Not only that, but Western Europe and its offshoots consistently come lowest on measures of nepotism and in-group orientation. As Joe Henrich writes in his book The WEIRDest People in the World, “WEIRD people show relatively less favoritism toward our friends, families, co-ethnics, and local communities than other populations do”.2

All this evidence has led some scholars to suggest that West Europeans are selected, culturally and genetically, for lower ethnocentrism—that they’re simply less ethnocentric than other populations. Kevin MacDonald makes this case in his book Individualism and the Western Liberal Tradition. Ed Dutton puts forward similar arguments in Race Differences in Ethnocentrism. And while Henrich doesn’t use the term “ethnocentrism”, he does claim that WEIRD psychology (including less favouritism toward co-ethnics) came about through a long process of cultural evolution, beginning in the 4th century.

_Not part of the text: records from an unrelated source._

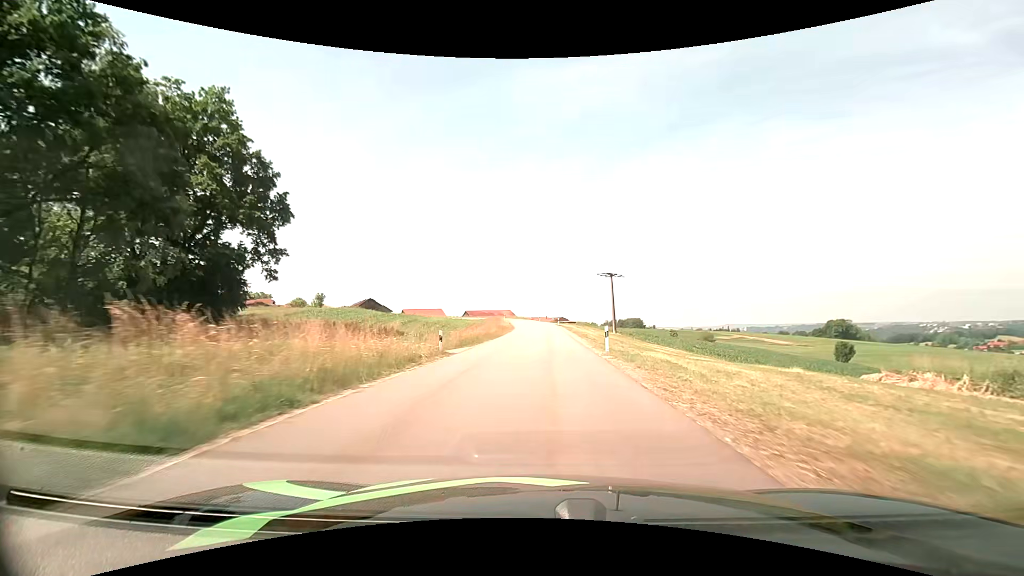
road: unclassified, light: Day
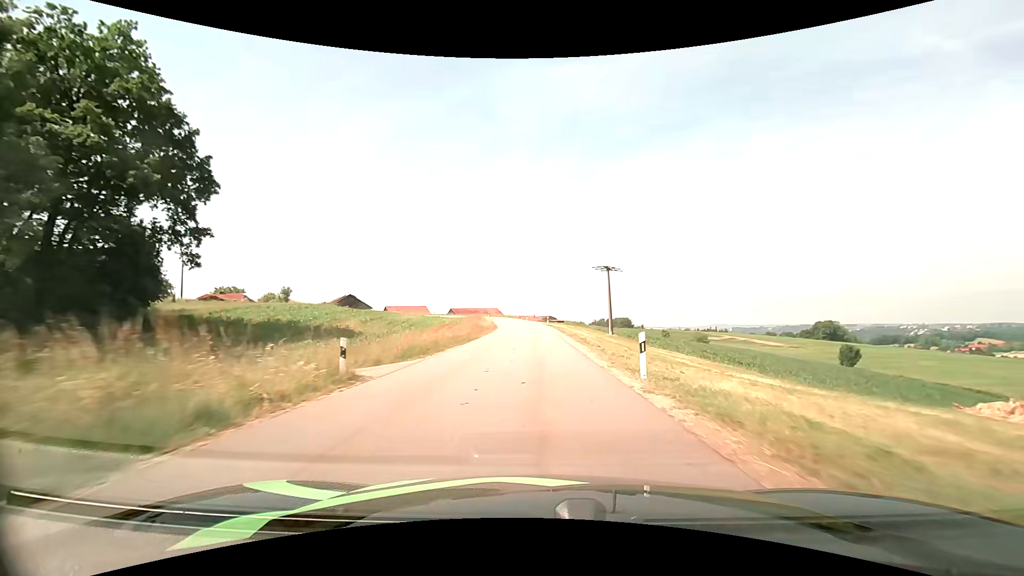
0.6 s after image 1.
(+0.1, +9.3) m; +1°
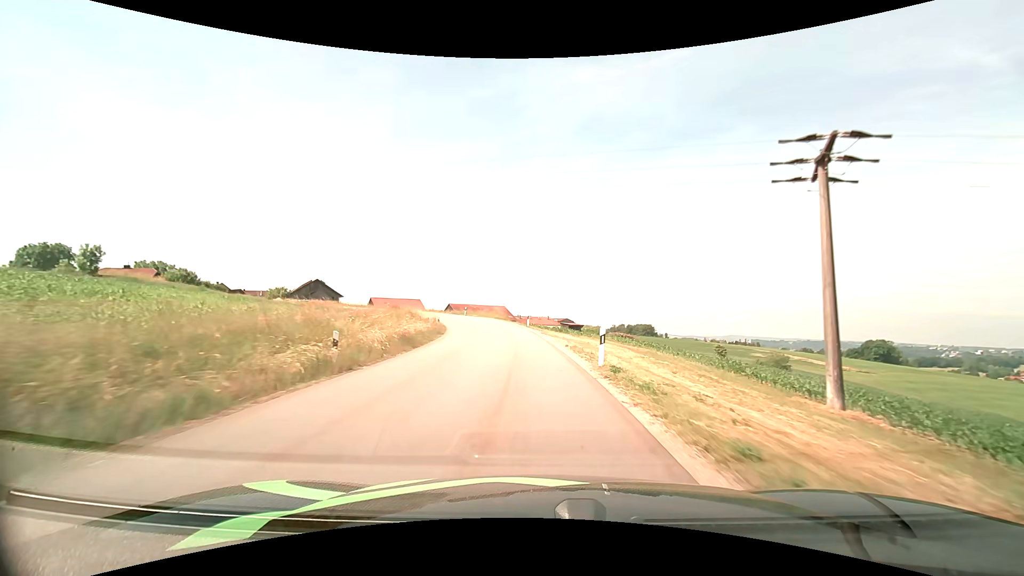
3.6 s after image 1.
(-0.2, +48.7) m; -2°
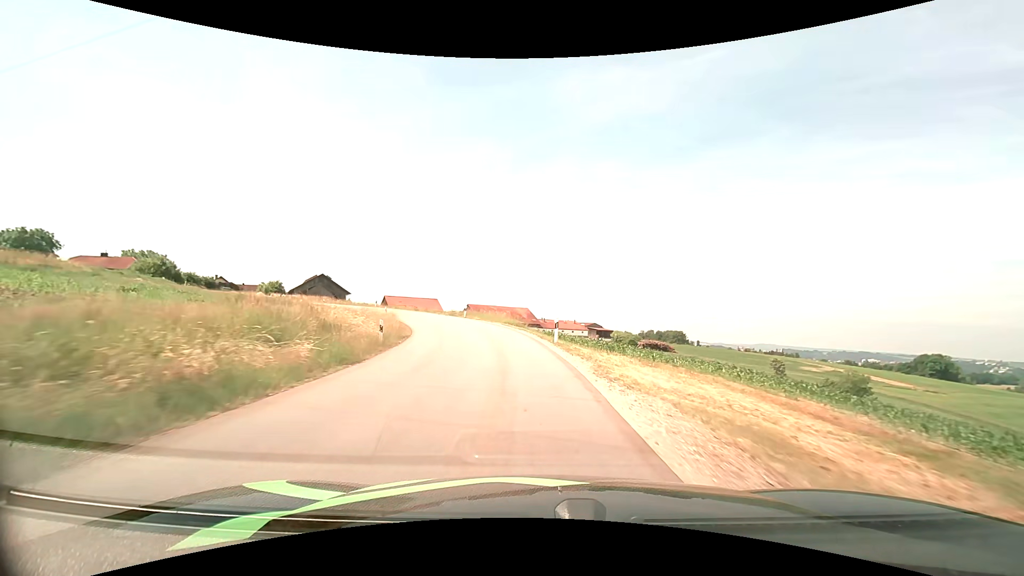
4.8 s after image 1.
(-0.4, +18.2) m; -3°
(0, +10) (-1, +20) (-3, +30) (-7, +39) (-11, +48) (-17, +56) (-23, +64) (-31, +70) (-39, +76) (-48, +80) m

Each of these authors has a slightly different theory for the origin of low West European ethnocentrism (though they share common elements). But I won’t get into the details here. The point is that all three suggest that low West European ethnocentrism is something that emerged gradually over many centuries of cultural and/or genetic evolution. Which seems to imply that, by the 20th century, West Europeans had a relatively weak disposition toward ethnocentrism.3

The problem with all these theories is that there’s one huge, glaring counter-example: Nazi Germany (along with related movements in other parts of central Europe). Nathan Cofnas has raised this point in one of his papers:

Germans in 1933 presumably would have reported very high levels of ethnocentrism in a survey … Now it is taboo to express such opinions. In 1933, Germans elected Hitler. In 2005, Germans with basically the same genes as their grandparents elected Angela Merkel, and largely supported her project of bringing in (what will end up being) millions of nonwhite immigrants.